Den Kostenvorteil gegenüber anderen Anbietern will Namibia nutzen und Wasserstoff oder seine Derivate wie synthetisches Methanol oder Kerosin exportieren. Märkte liegen vor allem in Europa und Ostasien (China, Japan, Korea). Den eigenen Anteil am weltweiten Handel mit Wasserstoff sieht Namibia bei 5 bis 8 Prozent. Nach 1 bis 2 Millionen Tonnen im Jahr 2030 soll das Exportvolumen bis 2040 auf 5 bis 7 Millionen Tonnen und bis 2050 auf 10 bis 15 Millionen Tonnen steigen. Zur Koordination der praktischen Umsetzung hat die Regierung in Windhuk einen Rat für Grünen Wasserstoff gebildet (Green Hydrogen Council).

Drei Entwicklungsregionen

Die nationale Wasserstoffstrategie definiert drei Entwicklungsregionen, alle an der Küste gelegen. Die nördliche existiert bislang nur als Idee. Neben Anlagen zur Nutzung erneuerbarer Energien und Elektrolyse von Wasserstoff umfassen die Planungen einen neuen Hafen und eine Pipeline zur zentralen Region um Walvis Bay. Dort sind die bisherigen Pilotprojekte angesiedelt, die neben der Elektrolyse auch Anwendungen im Hafen, bei der Eisenbahn und in der Stromversorgung vorsehen.

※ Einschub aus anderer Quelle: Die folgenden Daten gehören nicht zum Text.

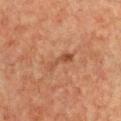Clinical impression: The lesion was tiled from a total-body skin photograph and was not biopsied. Acquisition and patient details: A 15 mm close-up extracted from a 3D total-body photography capture. A female subject aged approximately 55. The lesion is on the front of the torso. This is a cross-polarized tile.
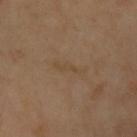Impression:
Part of a total-body skin-imaging series; this lesion was reviewed on a skin check and was not flagged for biopsy.
Image and clinical context:
The lesion is located on the left upper arm. A roughly 15 mm field-of-view crop from a total-body skin photograph. The total-body-photography lesion software estimated a lesion area of about 2.5 mm² and an outline eccentricity of about 0.95 (0 = round, 1 = elongated). And it measured a nevus-likeness score of about 0/100 and lesion-presence confidence of about 100/100. Imaged with cross-polarized lighting. A female patient, aged around 55. The recorded lesion diameter is about 3.5 mm.
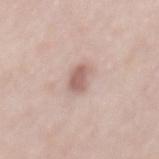workup: no biopsy performed (imaged during a skin exam) | lesion size: ≈3.5 mm | acquisition: ~15 mm crop, total-body skin-cancer survey | body site: the mid back | patient: female, aged 28 to 32 | lighting: white-light illumination.
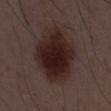Imaged during a routine full-body skin examination; the lesion was not biopsied and no histopathology is available. A 15 mm close-up tile from a total-body photography series done for melanoma screening. The tile uses white-light illumination. A male patient about 50 years old. Approximately 8.5 mm at its widest.
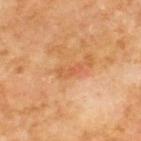follow-up: catalogued during a skin exam; not biopsied | tile lighting: cross-polarized illumination | image: 15 mm crop, total-body photography | site: the upper back | subject: male, roughly 70 years of age | TBP lesion metrics: a border-irregularity index near 4.5/10 and a within-lesion color-variation index near 0/10; lesion-presence confidence of about 100/100.

Die südliche Region schließlich wird dominiert durch das Hyphen-Projekt als Teil der Southern Corridor Development Initiative (SCDI), die ein Gebiet von rund 26.000 Quadratkilometern in der Region ǁKharas umfasst. 

Das Unternehmen Hyphen Hydrogen Energy, an dem die Investitionsgesellschaft Nicholas Holdings und das deutsche Energieunternehmen Enertrag beteiligt sind, plant auf 4.000 Quadratkilometern in zwei Bauphasen 7 Gigawatt Erzeugungskapazitäten für Wind- und Solarstrom aufzubauen und zur Elektrolyse von Wasserstoff zu nutzen. Das notwendige Wasser wird durch Meerwasserentsalzung gewonnen. Pro Jahr kann Hyphen nach der Fertigstellung circa 350.000 Tonnen Wasserstoff produzieren. Ab 2027 sollen daraus zunächst 1 Million Tonnen Ammoniak für den Export hergestellt werden, ab 2029 dann 2 Millionen Tonnen. Im Juni 2023 kündigte die namibische Regierung eine 24-prozentige Beteiligung an dem Projekt an.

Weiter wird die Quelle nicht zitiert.